-------- DATA SHOWN

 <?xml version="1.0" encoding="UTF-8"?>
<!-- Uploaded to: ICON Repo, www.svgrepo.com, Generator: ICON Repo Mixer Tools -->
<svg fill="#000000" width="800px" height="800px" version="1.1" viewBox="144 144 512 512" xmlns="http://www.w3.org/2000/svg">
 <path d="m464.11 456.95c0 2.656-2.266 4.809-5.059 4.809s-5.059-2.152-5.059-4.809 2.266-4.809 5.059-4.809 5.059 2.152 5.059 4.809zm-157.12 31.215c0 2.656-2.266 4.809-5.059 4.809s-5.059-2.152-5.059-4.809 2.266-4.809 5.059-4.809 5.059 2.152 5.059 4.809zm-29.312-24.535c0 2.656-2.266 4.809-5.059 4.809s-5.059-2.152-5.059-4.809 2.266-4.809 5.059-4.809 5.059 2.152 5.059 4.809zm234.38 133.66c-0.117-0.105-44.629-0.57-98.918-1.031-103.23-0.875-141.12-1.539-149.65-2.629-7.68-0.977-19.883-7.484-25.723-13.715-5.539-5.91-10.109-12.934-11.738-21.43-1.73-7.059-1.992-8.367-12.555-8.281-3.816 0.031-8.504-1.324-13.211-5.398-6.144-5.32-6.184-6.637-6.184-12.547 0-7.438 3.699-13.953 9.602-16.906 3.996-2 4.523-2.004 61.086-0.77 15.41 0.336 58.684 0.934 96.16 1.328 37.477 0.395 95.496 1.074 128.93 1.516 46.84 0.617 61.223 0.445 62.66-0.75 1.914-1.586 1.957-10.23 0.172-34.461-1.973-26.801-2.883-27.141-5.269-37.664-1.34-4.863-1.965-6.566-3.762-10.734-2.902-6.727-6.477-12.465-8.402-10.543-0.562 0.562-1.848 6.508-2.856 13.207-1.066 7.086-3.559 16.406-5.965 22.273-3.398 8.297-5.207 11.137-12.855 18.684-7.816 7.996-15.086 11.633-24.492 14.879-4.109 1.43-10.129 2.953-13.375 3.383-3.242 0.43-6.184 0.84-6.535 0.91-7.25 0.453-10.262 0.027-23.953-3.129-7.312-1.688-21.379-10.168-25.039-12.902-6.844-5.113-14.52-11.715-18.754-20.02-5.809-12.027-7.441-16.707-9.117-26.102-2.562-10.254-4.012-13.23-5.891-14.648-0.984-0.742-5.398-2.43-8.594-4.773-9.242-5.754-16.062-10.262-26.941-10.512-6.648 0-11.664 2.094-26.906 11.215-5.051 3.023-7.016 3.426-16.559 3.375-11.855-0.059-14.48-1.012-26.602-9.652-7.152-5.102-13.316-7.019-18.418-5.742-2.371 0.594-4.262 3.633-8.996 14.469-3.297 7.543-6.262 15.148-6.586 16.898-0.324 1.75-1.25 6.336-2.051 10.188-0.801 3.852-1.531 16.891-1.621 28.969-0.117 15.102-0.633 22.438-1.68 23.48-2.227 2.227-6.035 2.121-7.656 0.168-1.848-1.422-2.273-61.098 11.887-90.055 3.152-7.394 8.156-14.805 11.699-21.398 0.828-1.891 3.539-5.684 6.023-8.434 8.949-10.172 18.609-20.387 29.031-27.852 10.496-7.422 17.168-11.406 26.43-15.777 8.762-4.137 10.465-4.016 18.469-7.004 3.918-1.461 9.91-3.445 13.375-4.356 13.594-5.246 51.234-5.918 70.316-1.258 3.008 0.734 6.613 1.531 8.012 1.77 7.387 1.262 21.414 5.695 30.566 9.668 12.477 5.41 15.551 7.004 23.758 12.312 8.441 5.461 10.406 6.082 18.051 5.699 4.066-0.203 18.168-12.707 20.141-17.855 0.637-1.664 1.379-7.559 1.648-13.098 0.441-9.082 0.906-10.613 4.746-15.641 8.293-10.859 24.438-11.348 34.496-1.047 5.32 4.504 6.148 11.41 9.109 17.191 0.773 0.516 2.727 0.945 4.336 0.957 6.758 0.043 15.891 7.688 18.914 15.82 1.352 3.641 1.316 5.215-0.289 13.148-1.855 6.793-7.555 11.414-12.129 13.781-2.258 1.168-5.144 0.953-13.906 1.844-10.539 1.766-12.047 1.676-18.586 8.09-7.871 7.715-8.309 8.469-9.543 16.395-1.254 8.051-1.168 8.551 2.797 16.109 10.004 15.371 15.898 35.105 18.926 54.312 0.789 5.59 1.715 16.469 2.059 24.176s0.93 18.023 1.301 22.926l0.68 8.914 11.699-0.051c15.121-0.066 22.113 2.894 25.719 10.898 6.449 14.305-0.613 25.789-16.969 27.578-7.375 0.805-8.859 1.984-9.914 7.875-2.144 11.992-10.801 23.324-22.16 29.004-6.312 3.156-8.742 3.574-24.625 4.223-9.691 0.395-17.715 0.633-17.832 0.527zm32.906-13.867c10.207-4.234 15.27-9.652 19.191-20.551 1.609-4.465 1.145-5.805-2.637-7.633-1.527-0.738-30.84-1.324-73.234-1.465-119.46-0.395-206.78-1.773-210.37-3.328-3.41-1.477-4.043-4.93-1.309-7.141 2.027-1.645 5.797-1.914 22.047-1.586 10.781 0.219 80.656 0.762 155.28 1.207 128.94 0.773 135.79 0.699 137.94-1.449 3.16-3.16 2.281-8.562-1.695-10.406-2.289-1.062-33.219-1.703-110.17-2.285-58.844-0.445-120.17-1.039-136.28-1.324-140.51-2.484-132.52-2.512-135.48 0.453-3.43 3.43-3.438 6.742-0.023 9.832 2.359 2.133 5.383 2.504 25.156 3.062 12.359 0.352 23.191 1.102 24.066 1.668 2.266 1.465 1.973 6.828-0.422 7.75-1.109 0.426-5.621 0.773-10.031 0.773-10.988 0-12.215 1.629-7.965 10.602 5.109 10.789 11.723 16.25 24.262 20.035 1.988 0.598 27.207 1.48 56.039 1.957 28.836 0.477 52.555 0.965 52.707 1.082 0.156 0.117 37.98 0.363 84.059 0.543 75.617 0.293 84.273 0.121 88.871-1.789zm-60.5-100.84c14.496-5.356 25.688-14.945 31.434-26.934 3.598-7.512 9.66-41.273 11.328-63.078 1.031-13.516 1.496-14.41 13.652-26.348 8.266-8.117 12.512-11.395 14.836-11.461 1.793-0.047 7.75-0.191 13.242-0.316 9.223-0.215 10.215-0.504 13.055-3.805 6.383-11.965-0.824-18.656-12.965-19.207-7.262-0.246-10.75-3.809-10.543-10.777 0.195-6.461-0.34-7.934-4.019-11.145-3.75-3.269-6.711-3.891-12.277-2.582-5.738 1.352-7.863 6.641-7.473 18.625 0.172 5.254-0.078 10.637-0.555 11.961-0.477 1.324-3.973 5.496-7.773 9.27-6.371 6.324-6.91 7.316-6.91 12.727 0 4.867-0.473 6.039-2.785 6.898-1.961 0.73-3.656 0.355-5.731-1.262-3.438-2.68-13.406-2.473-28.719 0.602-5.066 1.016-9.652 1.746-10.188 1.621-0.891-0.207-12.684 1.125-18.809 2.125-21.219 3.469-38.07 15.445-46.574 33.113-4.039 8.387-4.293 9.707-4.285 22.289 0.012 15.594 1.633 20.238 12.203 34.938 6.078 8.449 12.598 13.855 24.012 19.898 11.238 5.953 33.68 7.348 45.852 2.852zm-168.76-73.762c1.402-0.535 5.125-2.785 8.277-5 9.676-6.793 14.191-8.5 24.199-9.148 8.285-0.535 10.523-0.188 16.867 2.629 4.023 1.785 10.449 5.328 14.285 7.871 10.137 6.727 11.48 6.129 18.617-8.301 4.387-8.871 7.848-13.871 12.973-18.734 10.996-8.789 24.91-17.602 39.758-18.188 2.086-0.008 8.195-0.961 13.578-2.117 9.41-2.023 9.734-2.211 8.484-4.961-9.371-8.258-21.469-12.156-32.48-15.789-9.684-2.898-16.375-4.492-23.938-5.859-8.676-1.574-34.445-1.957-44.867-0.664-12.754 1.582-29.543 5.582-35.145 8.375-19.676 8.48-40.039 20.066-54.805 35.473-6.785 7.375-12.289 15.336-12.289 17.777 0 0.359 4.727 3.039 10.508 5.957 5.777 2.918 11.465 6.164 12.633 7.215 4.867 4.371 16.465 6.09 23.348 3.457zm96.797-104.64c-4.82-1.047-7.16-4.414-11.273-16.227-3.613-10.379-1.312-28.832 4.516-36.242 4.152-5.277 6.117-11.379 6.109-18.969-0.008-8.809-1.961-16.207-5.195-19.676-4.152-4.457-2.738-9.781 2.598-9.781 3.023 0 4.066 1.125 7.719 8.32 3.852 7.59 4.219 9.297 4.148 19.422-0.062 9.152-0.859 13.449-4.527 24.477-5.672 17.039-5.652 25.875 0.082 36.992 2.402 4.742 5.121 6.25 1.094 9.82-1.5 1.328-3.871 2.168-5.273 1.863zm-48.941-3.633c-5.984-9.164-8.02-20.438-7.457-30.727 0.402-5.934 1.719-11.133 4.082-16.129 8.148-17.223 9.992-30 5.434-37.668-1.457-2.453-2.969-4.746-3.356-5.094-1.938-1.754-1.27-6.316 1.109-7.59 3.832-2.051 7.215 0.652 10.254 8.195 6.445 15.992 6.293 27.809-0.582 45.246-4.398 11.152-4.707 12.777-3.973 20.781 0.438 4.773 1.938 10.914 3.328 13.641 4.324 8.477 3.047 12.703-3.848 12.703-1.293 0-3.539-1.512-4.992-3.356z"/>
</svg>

----------------

WORK INSTRUCTIONS
Which of the lines above carry the string "version"? Copy every one.

WRITTEN ANSWER
 <?xml version="1.0" encoding="UTF-8"?>
<svg fill="#000000" width="800px" height="800px" version="1.1" viewBox="144 144 512 512" xmlns="http://www.w3.org/2000/svg">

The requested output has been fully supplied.